Hi Brian. I like the site that you are putting together. This is a good resource for the reformed community. There are other lists out there but yours seems to be taking a different approach. Can you add the Covenant Presbyterian Church denomination to the list? We are a small but growing denomination based in the USA. The CPC was founded in 2006 and has 7 churches in CA, CT, TX, GA and IL. There are currently candidate churches in several other states. Most of the information for the database can be found on the web site http://www.covenant-presbyterian.org. Let me know if you would like more information.

Steve


----------



## VirginiaHuguenot (Feb 9, 2007)

Kevin said:


> You also missed another small group up here, the Free Presbyterian Church (PEI). They are part of the Free pres C of S and have a 150 year history on Prince Edward Island. I believe they have 9/10 churches and are EP.





VirginiaHuguenot said:


> Here you go, BJ: http://www.islandfreechurch.org/





beej6 said:


> Oh! The link above appears to suggest the church(es) referenced belongs to the Free Church of Scotland... did I not read that carefully?
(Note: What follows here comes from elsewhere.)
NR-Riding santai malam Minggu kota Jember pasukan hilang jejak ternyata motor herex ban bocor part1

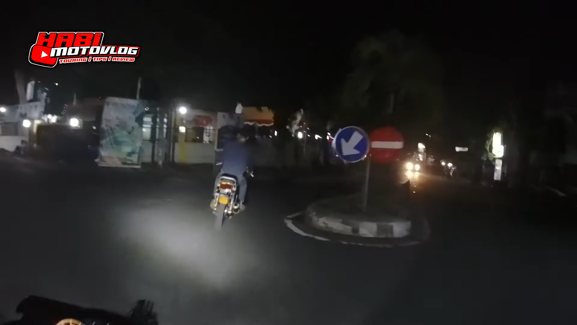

BJ -- The website says this group is part of the Free Church of Scotland.


----------



## Kevin (Feb 9, 2007)

beej6 said:


> Oh! The link above appears to suggest the church(es) referenced belongs to the Free Church of Scotland... did I not read that carefully?



They are part of the Free Cof S. However they did not start that way they did join them some time in the last 10 to 20 years. Sorry I don't know the dates.

Interesting fact at the time of Confederation (1867) the Free Church members were 10% of the population of PEI. 500 members out of a population of approx 5000. The majority (of Islanders) were members of the C of S.


----------



## VirginiaHuguenot (Feb 19, 2007)

Perhaps the denominational database websites referenced in this thread could be added to the links manager (maybe under theological / ecclesiology?) for easy future reference?


----------



## HanleyBri (Apr 20, 2007)

*Database of Reformed Denominations\update*

After receiving some good feedback the listing of reformed churches now
include:

1. Added definitions
2. The denominations which have an entry on Wikipedia, the link is shown
3. If they are a member of NAPARC it is now displayed.

http://www.db.gracealone.com


Other suggestions are welcomed.
-----------------------------

Brian M. Hanley, RE
Grace Presbyterian Church
www.grace.gracealone.com
Parsippany, NJ


----------